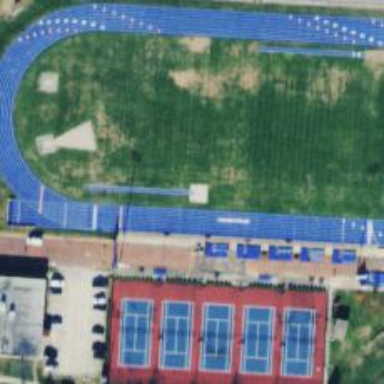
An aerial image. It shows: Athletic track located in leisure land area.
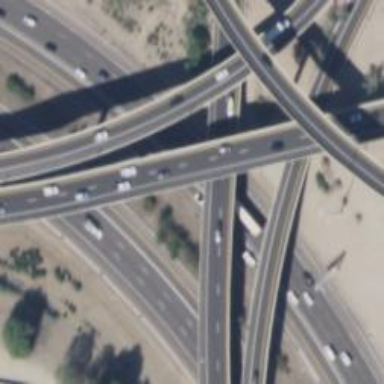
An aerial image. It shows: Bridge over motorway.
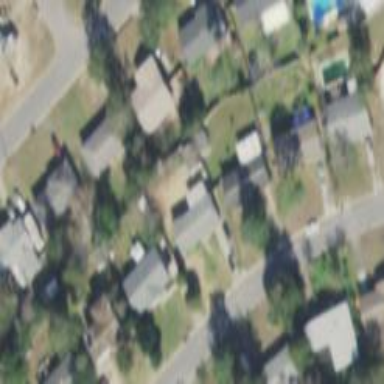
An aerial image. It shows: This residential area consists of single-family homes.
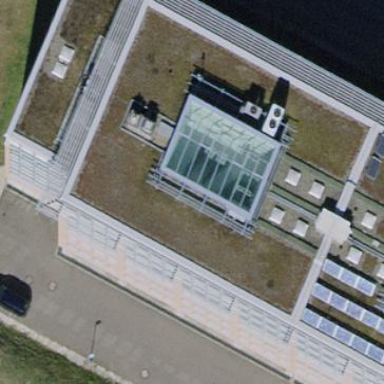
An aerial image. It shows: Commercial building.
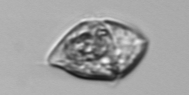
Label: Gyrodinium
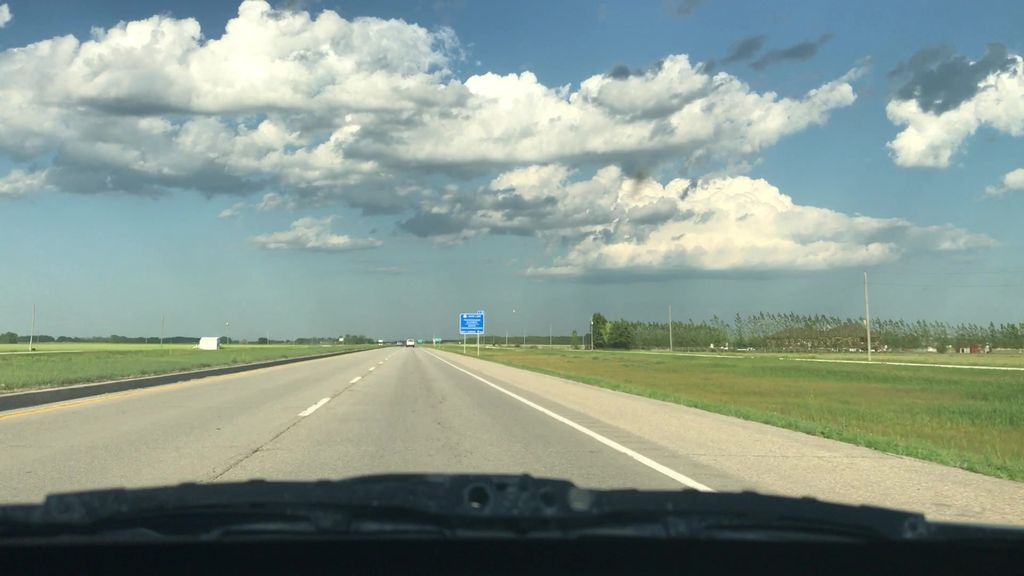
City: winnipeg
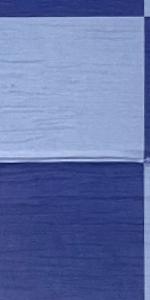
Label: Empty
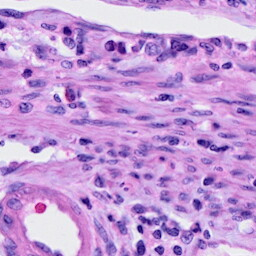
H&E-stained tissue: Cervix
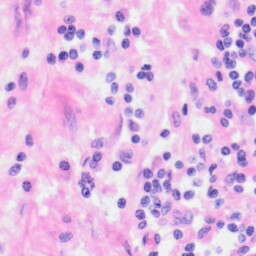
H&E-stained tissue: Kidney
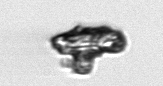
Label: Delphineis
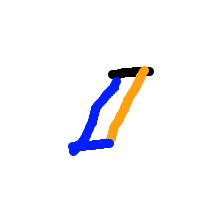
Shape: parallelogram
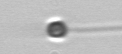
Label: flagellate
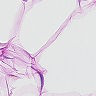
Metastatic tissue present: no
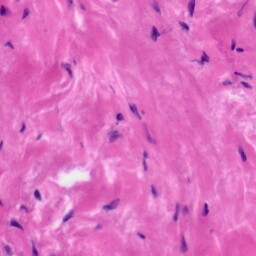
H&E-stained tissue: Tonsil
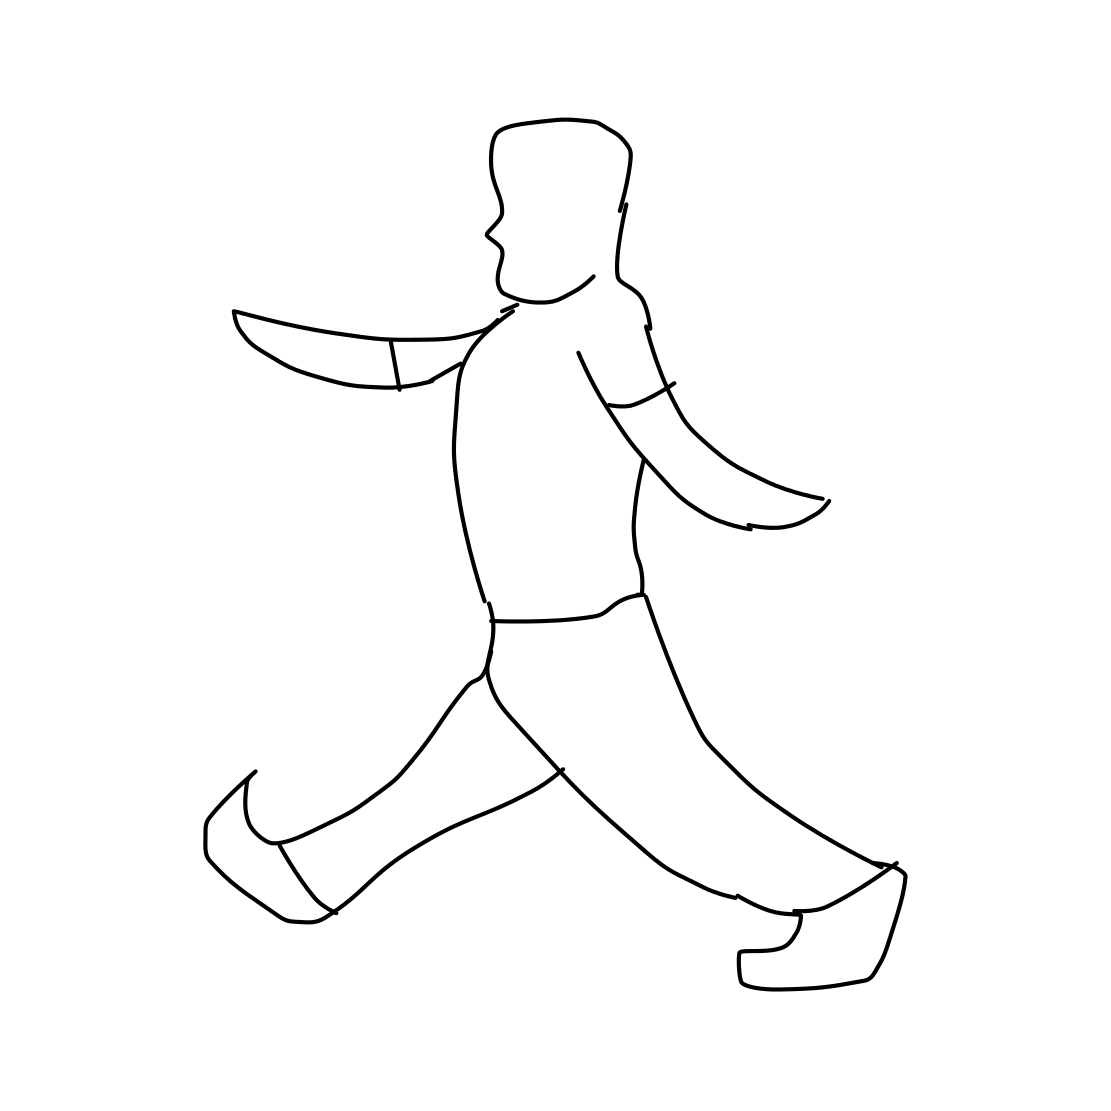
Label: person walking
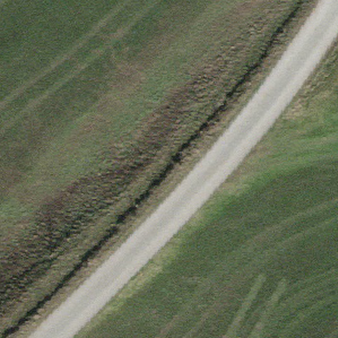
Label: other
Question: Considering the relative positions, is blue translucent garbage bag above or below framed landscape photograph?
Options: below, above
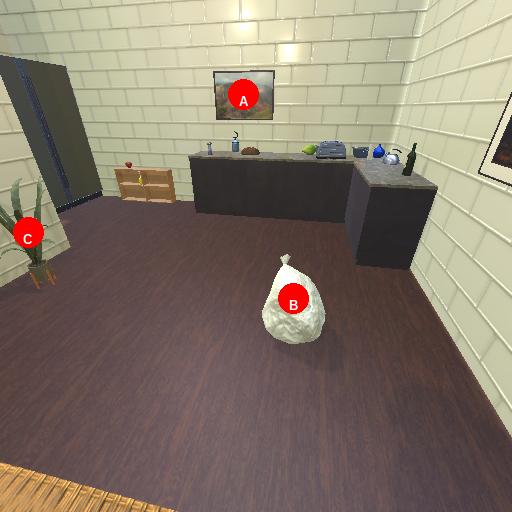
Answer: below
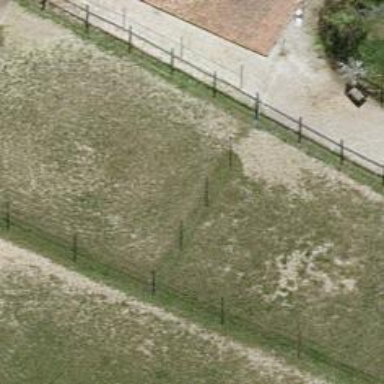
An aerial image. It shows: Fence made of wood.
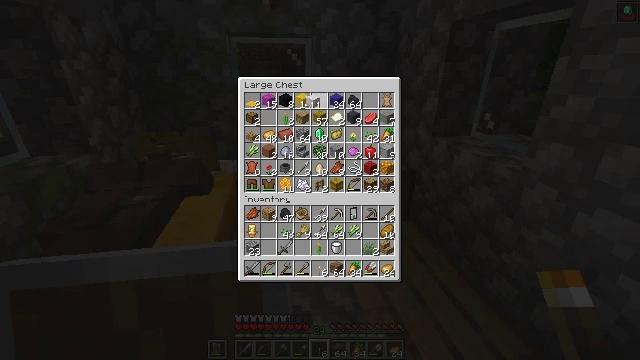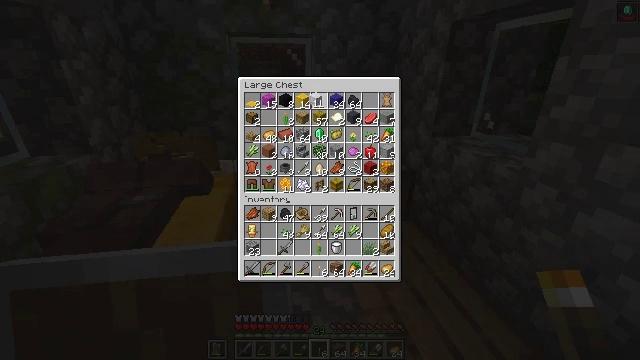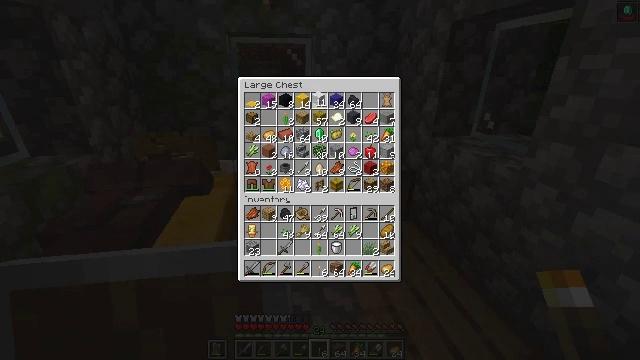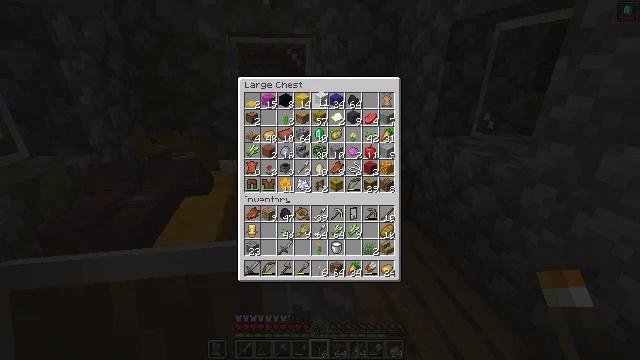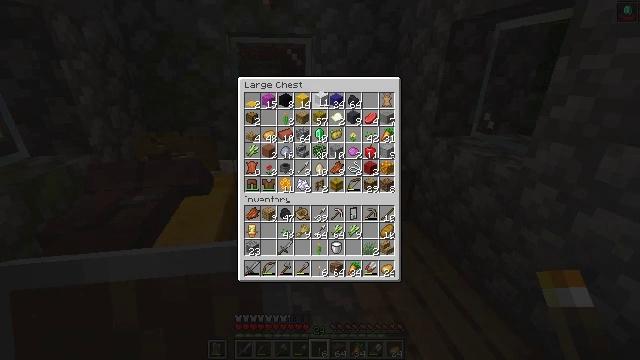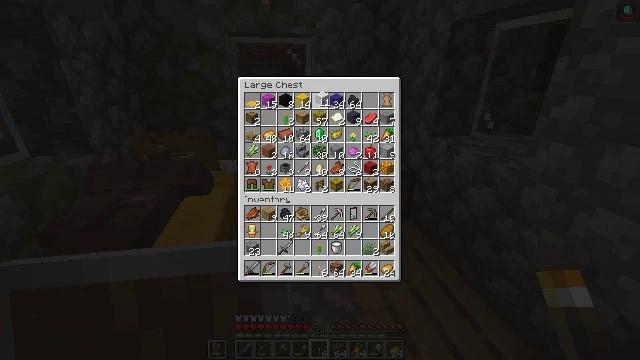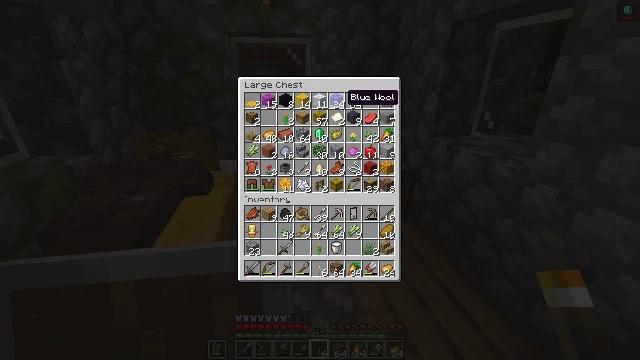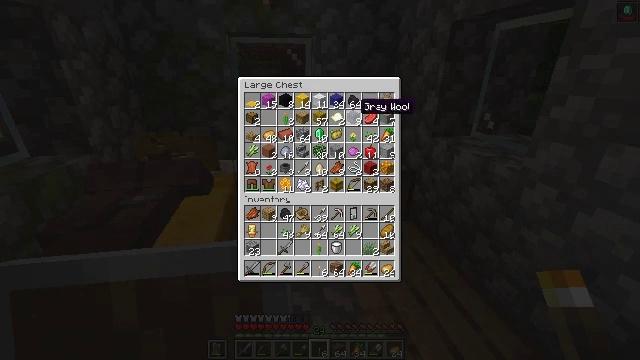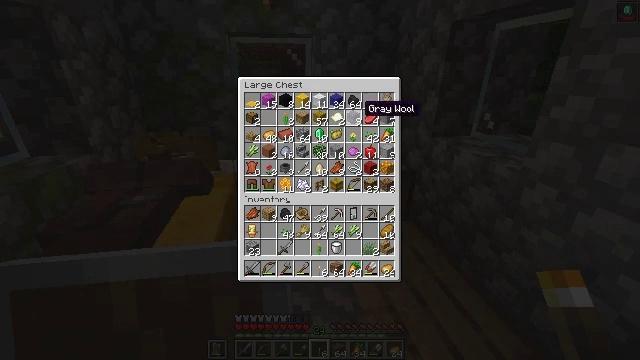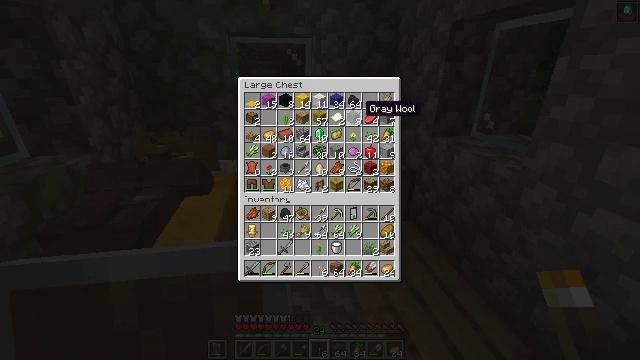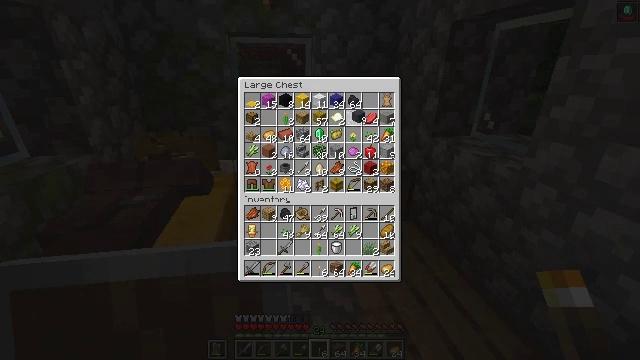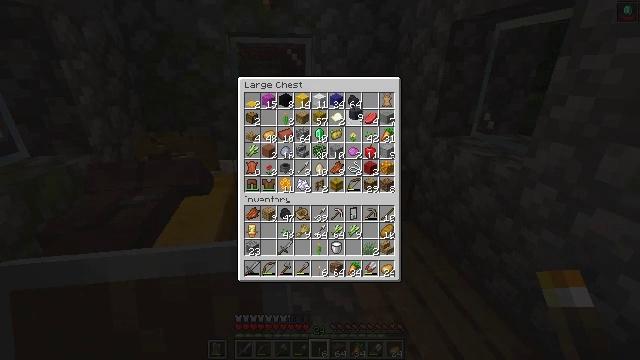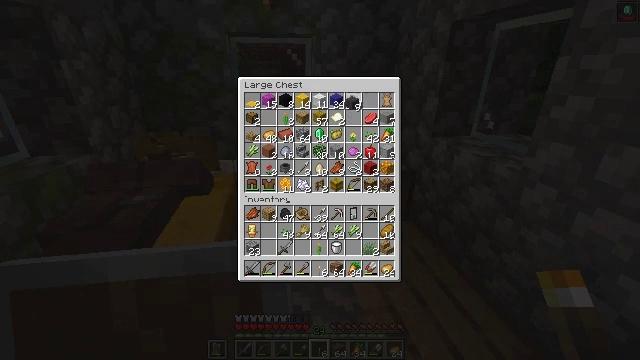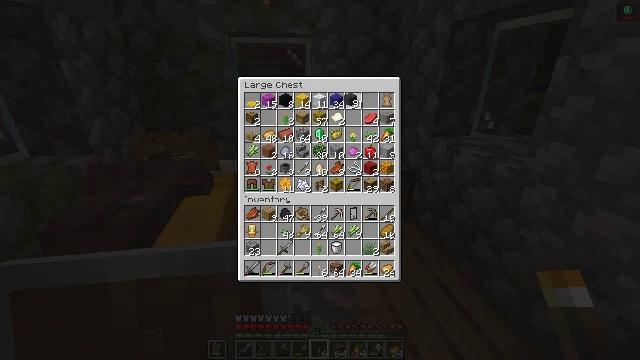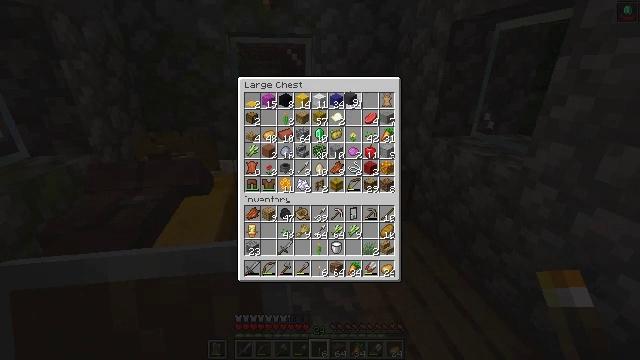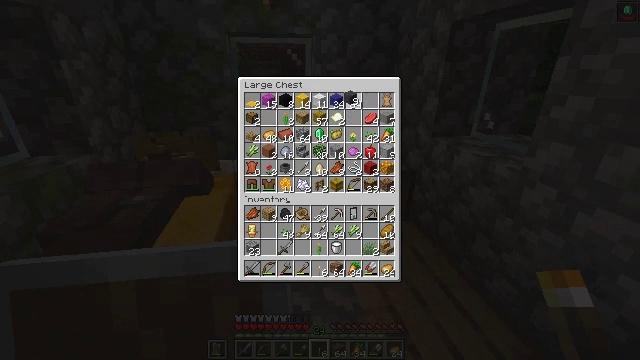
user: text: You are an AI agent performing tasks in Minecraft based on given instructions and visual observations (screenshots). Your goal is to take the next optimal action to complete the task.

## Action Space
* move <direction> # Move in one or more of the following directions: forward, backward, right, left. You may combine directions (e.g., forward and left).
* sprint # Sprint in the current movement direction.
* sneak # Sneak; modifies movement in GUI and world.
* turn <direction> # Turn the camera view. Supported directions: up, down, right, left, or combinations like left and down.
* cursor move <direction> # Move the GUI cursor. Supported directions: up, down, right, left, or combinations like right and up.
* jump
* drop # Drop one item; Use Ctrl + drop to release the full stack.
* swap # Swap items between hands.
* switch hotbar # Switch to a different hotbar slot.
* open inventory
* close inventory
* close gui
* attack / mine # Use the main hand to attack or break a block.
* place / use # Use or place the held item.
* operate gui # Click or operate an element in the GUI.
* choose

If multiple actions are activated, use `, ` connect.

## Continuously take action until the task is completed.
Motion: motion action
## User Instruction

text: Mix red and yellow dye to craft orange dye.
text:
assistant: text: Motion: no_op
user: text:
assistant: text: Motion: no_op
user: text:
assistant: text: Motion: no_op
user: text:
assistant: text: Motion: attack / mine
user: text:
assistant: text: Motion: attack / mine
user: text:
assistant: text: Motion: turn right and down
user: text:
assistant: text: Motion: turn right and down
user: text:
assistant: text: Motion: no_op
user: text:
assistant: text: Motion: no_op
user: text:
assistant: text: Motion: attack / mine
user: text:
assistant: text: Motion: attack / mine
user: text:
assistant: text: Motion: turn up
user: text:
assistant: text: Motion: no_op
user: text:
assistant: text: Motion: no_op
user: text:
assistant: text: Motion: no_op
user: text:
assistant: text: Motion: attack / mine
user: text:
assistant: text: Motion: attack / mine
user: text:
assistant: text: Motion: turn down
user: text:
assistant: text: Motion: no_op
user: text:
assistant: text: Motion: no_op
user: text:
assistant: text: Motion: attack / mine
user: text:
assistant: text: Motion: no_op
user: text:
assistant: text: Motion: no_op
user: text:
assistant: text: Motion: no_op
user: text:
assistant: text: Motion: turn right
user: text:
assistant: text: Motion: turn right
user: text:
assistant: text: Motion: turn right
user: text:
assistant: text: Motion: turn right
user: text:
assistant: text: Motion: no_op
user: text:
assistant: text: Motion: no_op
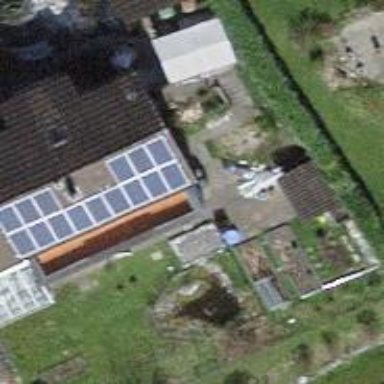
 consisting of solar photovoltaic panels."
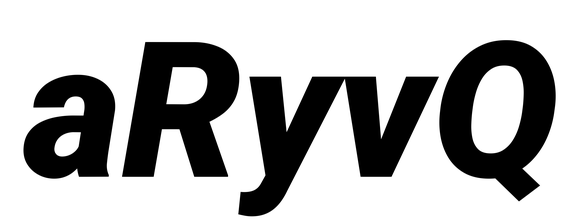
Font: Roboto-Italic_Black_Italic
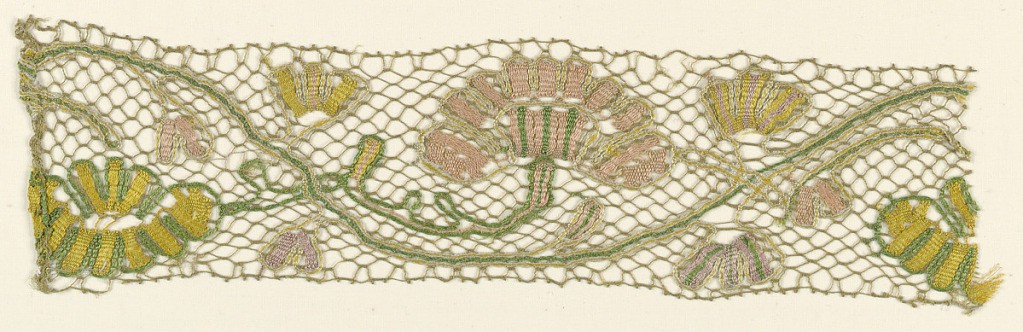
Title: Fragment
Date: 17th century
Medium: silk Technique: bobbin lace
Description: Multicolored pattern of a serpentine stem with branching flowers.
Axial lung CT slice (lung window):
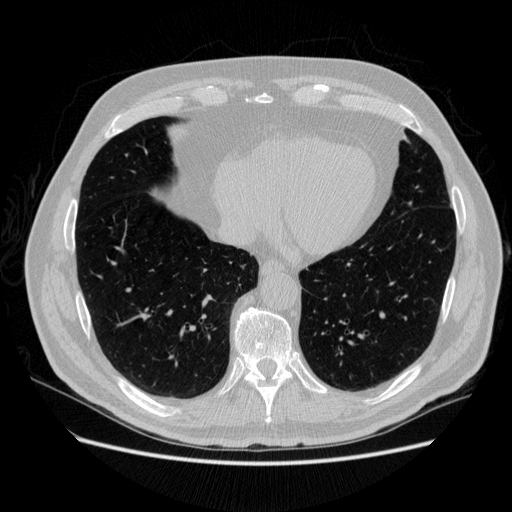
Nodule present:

> **Assignment**
Could you copy every line in the records that holds "take"?

> **Response for this exercise**
user: text: You are an AI agent performing tasks in Minecraft based on given instructions and visual observations (screenshots). Your goal is to take the next optimal action to complete the task.
## Continuously take action until the task is completed.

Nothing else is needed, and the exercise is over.